For your company
AI in the Functions
Module · Forecasts built on data nobody maintains
The AI-in-Sales Check
AI can score every lead, forecast the quarter and write the follow-up email, and all of it rests on a CRM your reps update grudgingly at month-end. Garbage in does not become insight because a model touched it. This module checks the five things that decide whether AI helps your sales team sell or just automates the fiction: CRM data hygiene, forecasts people actually trust, outreach that does not sound machine-made, a pipeline that reflects reality, and coaching drawn from what really happened on the call.
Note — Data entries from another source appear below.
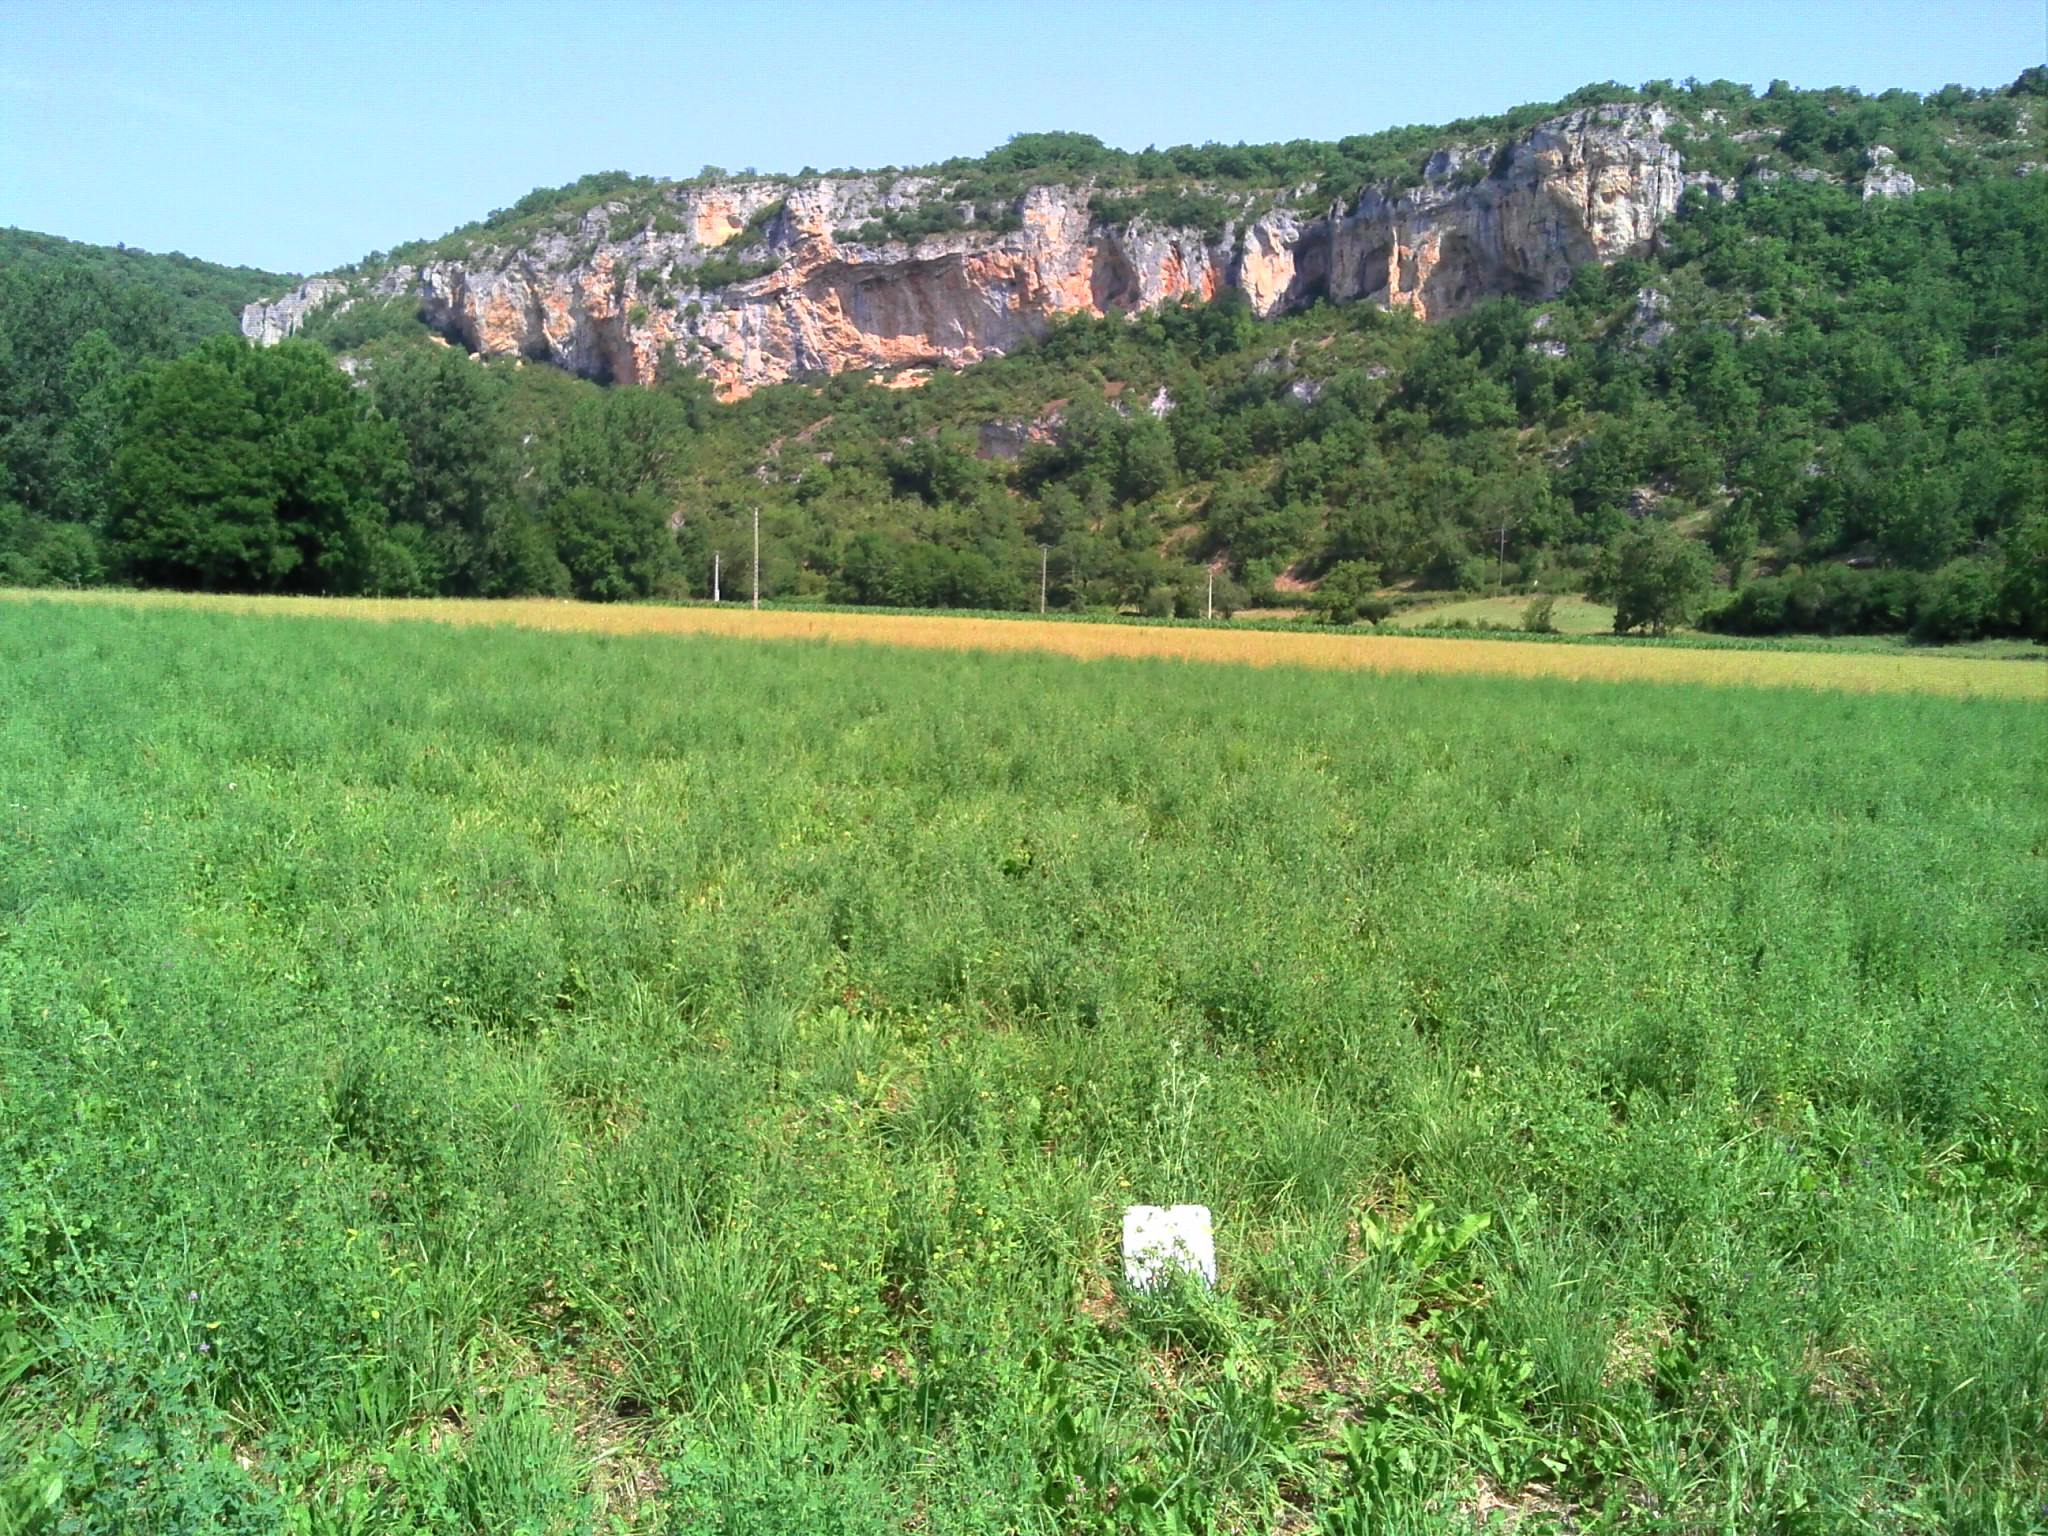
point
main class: Cropland
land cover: Lucerne
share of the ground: > 75 %
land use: Agriculture (excluding fallow land and kitchen gardens)
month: July
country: FR
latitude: 44.5694
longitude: 1.8020
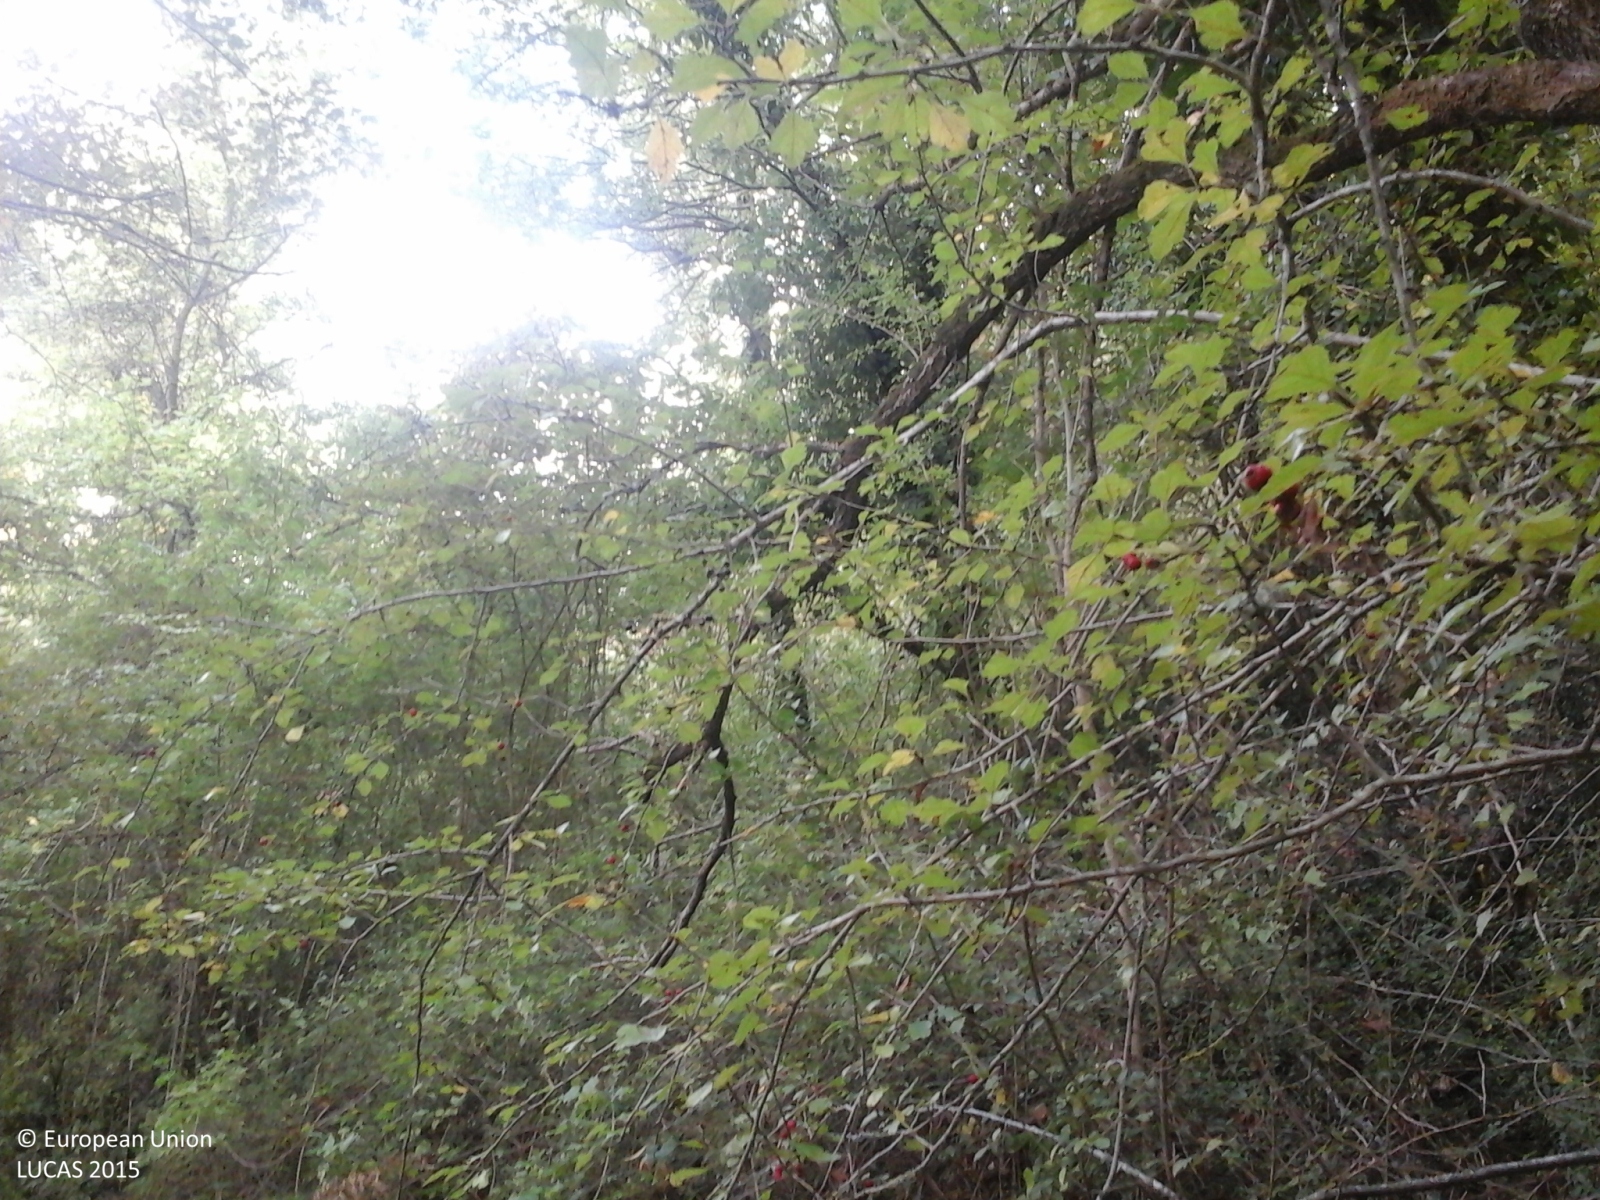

What the five levels look like
Every dimension in this assessment is scored 1 to 5. This is what the levels mean, dimension by dimension. The graded report diagnoses where your own answers land and what to do about it.
CRM data is maintained
- 1Data is a mess
- 2Updated at deadline
- 3Patchy but improving
- 4Kept current
- 5Maintained and validated
At the low end: AI on top of a neglected CRM produces confident nonsense at scale. Fix the data hygiene first: agree what fields must be current and make keeping them a condition of the deal existing, not an afterthought. What good looks like: A maintained, validated CRM is the foundation every AI sales feature stands on. Keep validating it; data quality decays the moment the pressure to log it slips.
Forecasts are trusted
- 1Nobody trusts it
- 2Ignored quietly
- 3Trusted, no override
- 4Trusted and correctable
- 5Overrides tracked and learned
At the low end: A forecast nobody believes is a number you generate to ignore. Find out why the team distrusts it, usually the input data, before you ask anyone to run the quarter on it. What good looks like: A trusted, correctable forecast where overrides are tracked is how the model and the team teach each other. Feed the override reasons back in; they are the richest signal you have about where the AI is blind.
Outreach sounds human
- 1Mass generic sends
- 2Obvious AI tone
- 3Reps edit sometimes
- 4Reviewed before send
- 5On-brand and effective
At the low end: Blasting generic AI outreach trains your whole market to ignore you. Slow down and make relevance the bar; one message a prospect answers beats fifty they delete. What good looks like: On-brand outreach that actually gets replies is AI used as a drafting partner, not an autopilot. Keep measuring reply and meeting rates; the moment they slide, the model has drifted back to generic.
Pipeline reflects reality
- 1Pure optimism
- 2Inflated stages
- 3Some discipline
- 4Reflects reality
- 5Reality-tested regularly
At the low end: A pipeline built on optimism tells everyone above you a story that is not true. Agree hard, evidence-based criteria for each stage before you let AI score or advance anything. What good looks like: A pipeline that reflects reality is the one input that makes every downstream AI number trustworthy. Test it against actual close rates regularly; a pipeline drifts optimistic the moment nobody is checking.
Coaching uses real data
- 1No coaching signal
- 2Activity counts only
- 3Anecdotal
- 4Grounded in outcomes
- 5Outcome-based and acted on
At the low end: Without real signal, AI coaching is a leaderboard that develops nobody. Start capturing what actually happens on calls and in deals so the coaching has something true to stand on. What good looks like: Outcome-based AI coaching that managers act on is where the technology earns its keep for a sales team. Keep closing the loop; insight that never reaches a one-on-one changes nothing.